*Data for review*
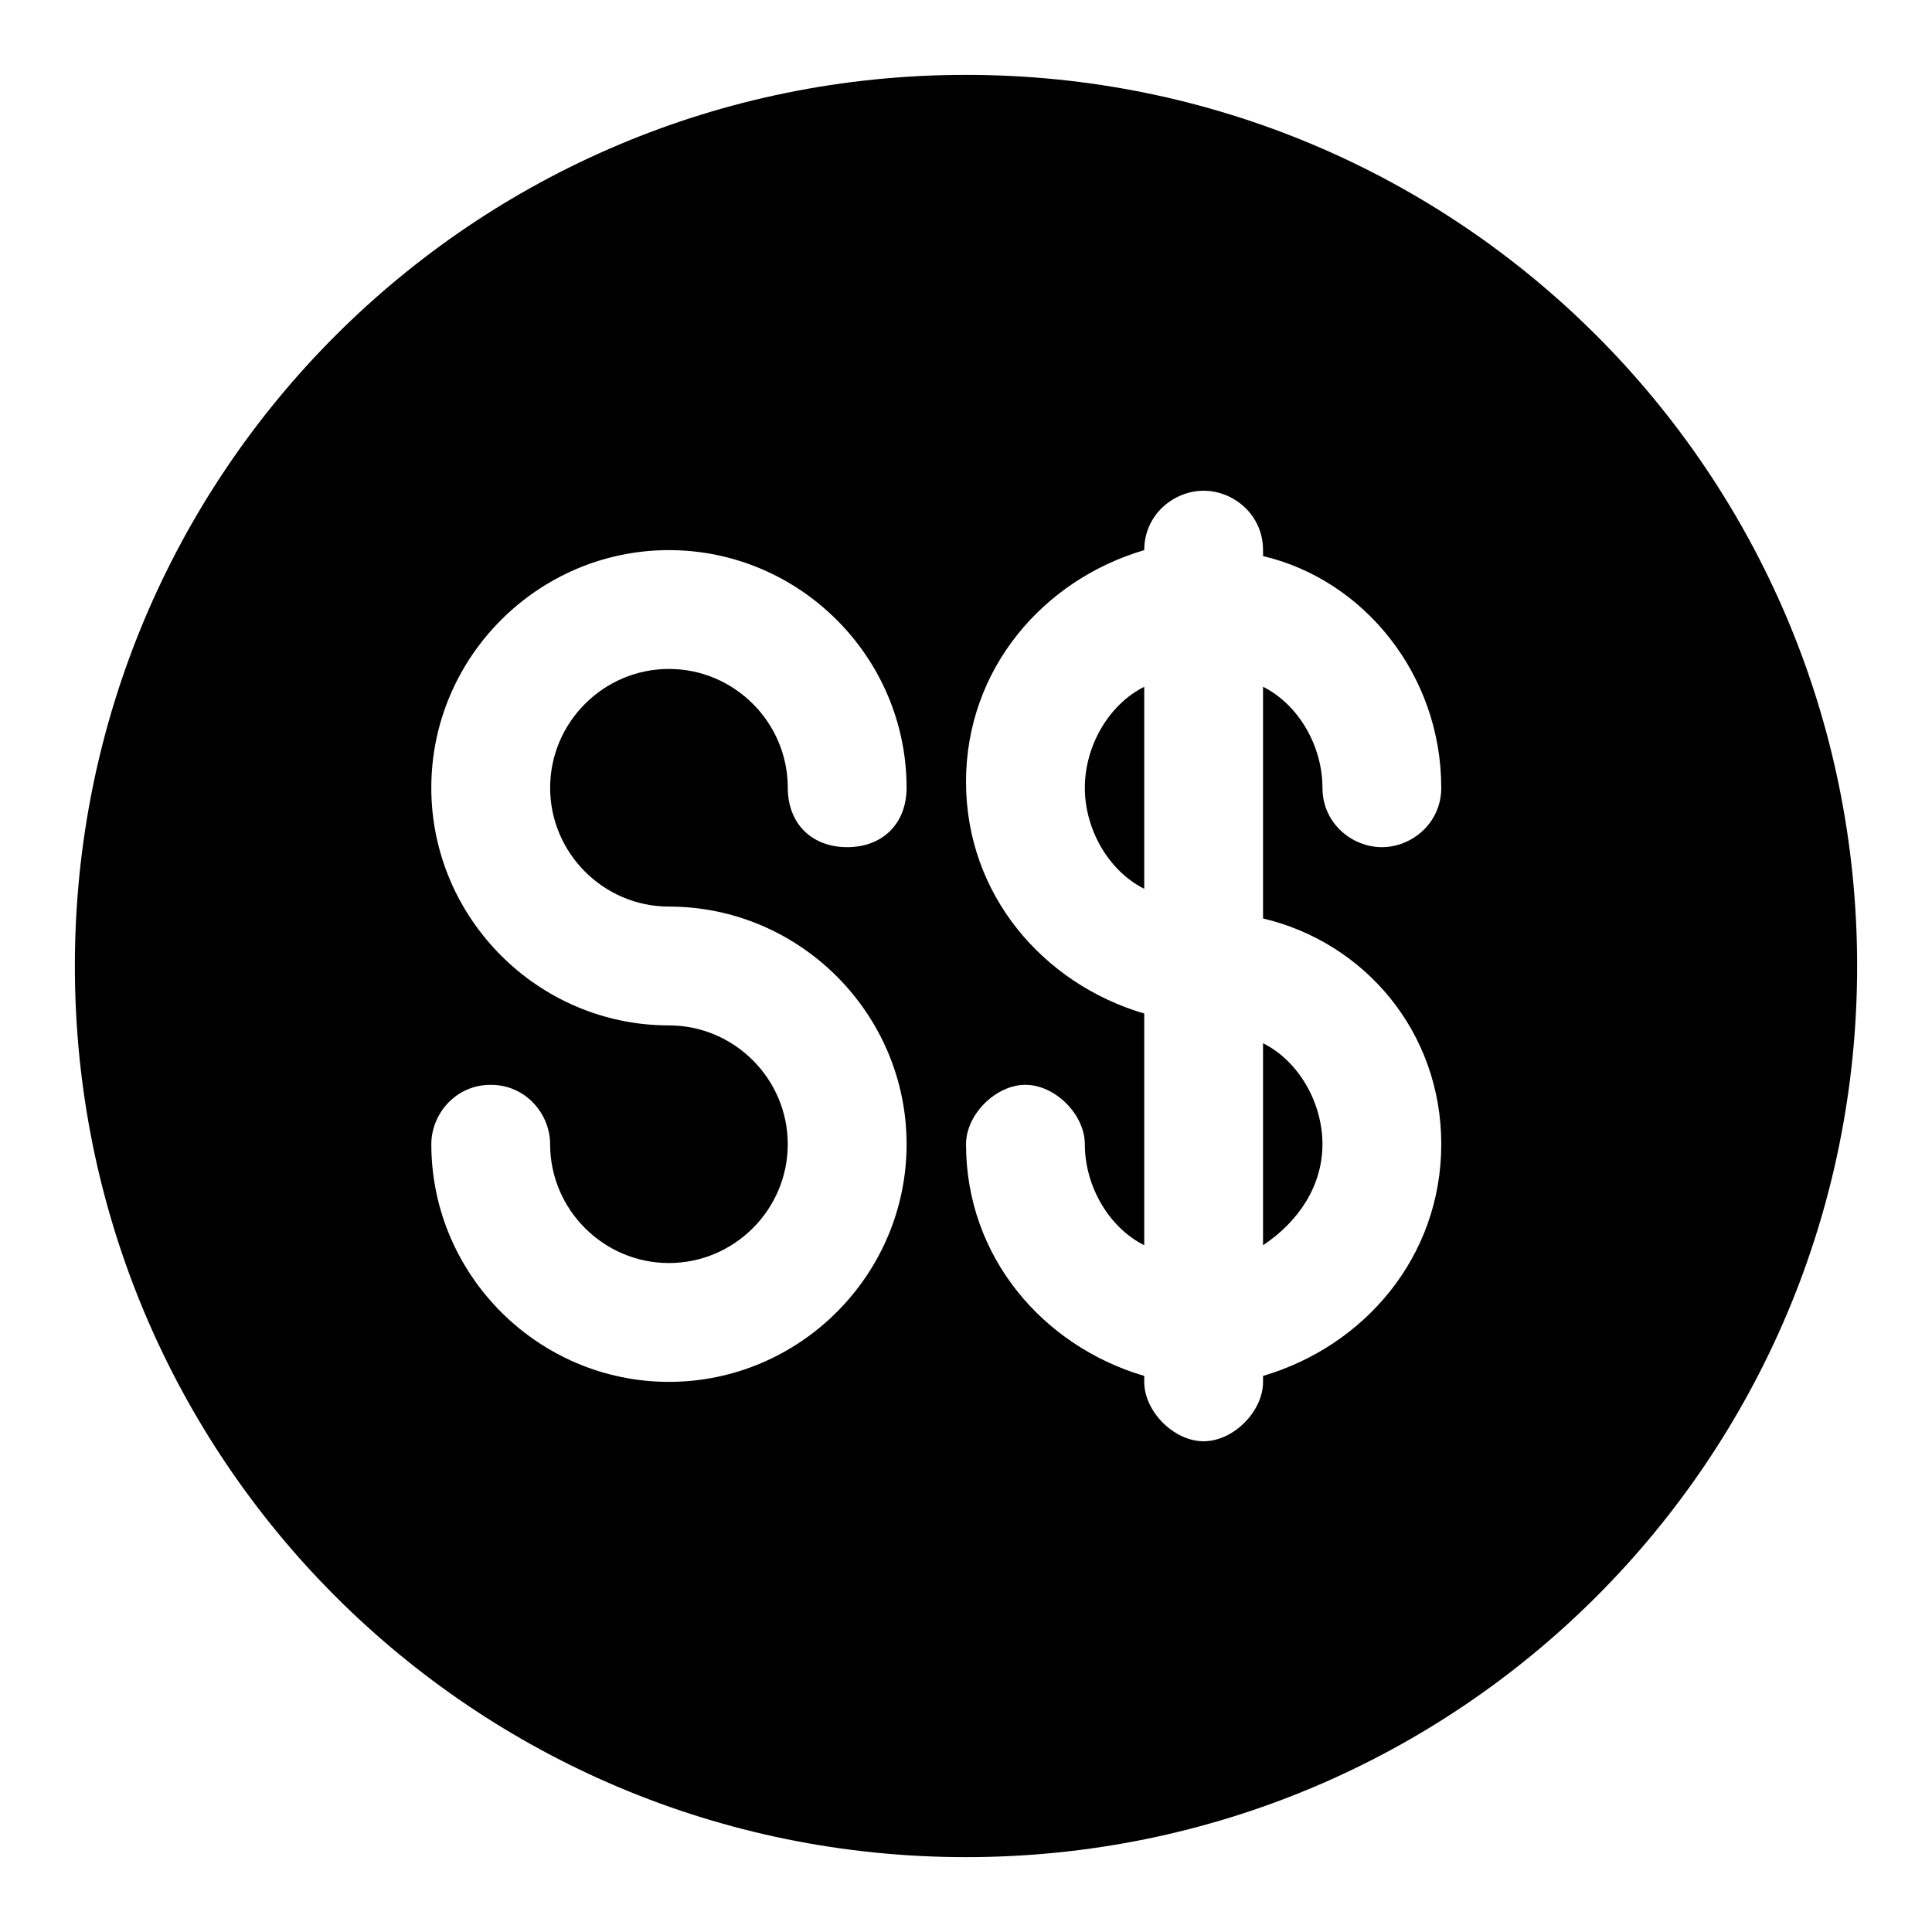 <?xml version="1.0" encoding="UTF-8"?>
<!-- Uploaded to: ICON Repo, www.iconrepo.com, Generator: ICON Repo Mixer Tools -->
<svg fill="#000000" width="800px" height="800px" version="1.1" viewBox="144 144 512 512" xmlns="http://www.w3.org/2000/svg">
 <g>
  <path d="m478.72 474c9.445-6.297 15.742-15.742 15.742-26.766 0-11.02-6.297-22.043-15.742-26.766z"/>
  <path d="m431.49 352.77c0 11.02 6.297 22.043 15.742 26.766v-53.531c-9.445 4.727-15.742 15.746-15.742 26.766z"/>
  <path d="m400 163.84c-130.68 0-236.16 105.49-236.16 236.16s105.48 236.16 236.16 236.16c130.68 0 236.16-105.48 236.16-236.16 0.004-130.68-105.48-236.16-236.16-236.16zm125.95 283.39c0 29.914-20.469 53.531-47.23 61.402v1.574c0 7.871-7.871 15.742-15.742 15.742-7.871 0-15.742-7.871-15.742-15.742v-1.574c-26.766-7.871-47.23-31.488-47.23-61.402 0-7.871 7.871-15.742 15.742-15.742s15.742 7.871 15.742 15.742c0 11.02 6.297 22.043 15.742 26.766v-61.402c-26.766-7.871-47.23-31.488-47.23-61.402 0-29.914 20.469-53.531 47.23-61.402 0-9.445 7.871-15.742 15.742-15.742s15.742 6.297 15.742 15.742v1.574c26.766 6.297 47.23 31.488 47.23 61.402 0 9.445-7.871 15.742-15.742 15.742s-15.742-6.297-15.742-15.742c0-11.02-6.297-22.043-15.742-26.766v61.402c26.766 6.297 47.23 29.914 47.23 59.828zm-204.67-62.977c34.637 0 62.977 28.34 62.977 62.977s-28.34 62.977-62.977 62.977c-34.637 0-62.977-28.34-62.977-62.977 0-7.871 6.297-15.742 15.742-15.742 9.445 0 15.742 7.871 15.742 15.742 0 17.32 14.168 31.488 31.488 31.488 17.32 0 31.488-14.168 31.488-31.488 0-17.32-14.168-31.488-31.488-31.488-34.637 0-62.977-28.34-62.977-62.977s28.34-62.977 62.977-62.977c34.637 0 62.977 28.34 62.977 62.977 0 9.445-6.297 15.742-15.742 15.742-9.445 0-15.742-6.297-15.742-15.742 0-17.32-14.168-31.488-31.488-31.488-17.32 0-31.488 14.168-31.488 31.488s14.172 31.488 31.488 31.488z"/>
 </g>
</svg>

*Task statement*
Return all the records above exactly, pictures omitted.

*Solution to this task*
 <?xml version="1.0" encoding="UTF-8"?>
<!-- Uploaded to: ICON Repo, www.iconrepo.com, Generator: ICON Repo Mixer Tools -->
<svg fill="#000000" width="800px" height="800px" version="1.1" viewBox="144 144 512 512" xmlns="http://www.w3.org/2000/svg">
 <g>
  <path d="m478.72 474c9.445-6.297 15.742-15.742 15.742-26.766 0-11.02-6.297-22.043-15.742-26.766z"/>
  <path d="m431.49 352.77c0 11.02 6.297 22.043 15.742 26.766v-53.531c-9.445 4.727-15.742 15.746-15.742 26.766z"/>
  <path d="m400 163.84c-130.68 0-236.16 105.49-236.16 236.16s105.48 236.16 236.16 236.16c130.68 0 236.16-105.48 236.16-236.16 0.004-130.68-105.48-236.16-236.16-236.16zm125.95 283.39c0 29.914-20.469 53.531-47.23 61.402v1.574c0 7.871-7.871 15.742-15.742 15.742-7.871 0-15.742-7.871-15.742-15.742v-1.574c-26.766-7.871-47.23-31.488-47.23-61.402 0-7.871 7.871-15.742 15.742-15.742s15.742 7.871 15.742 15.742c0 11.02 6.297 22.043 15.742 26.766v-61.402c-26.766-7.871-47.23-31.488-47.23-61.402 0-29.914 20.469-53.531 47.23-61.402 0-9.445 7.871-15.742 15.742-15.742s15.742 6.297 15.742 15.742v1.574c26.766 6.297 47.23 31.488 47.23 61.402 0 9.445-7.871 15.742-15.742 15.742s-15.742-6.297-15.742-15.742c0-11.02-6.297-22.043-15.742-26.766v61.402c26.766 6.297 47.23 29.914 47.23 59.828zm-204.67-62.977c34.637 0 62.977 28.34 62.977 62.977s-28.34 62.977-62.977 62.977c-34.637 0-62.977-28.34-62.977-62.977 0-7.871 6.297-15.742 15.742-15.742 9.445 0 15.742 7.871 15.742 15.742 0 17.32 14.168 31.488 31.488 31.488 17.32 0 31.488-14.168 31.488-31.488 0-17.32-14.168-31.488-31.488-31.488-34.637 0-62.977-28.34-62.977-62.977s28.34-62.977 62.977-62.977c34.637 0 62.977 28.34 62.977 62.977 0 9.445-6.297 15.742-15.742 15.742-9.445 0-15.742-6.297-15.742-15.742 0-17.32-14.168-31.488-31.488-31.488-17.32 0-31.488 14.168-31.488 31.488s14.172 31.488 31.488 31.488z"/>
 </g>
</svg>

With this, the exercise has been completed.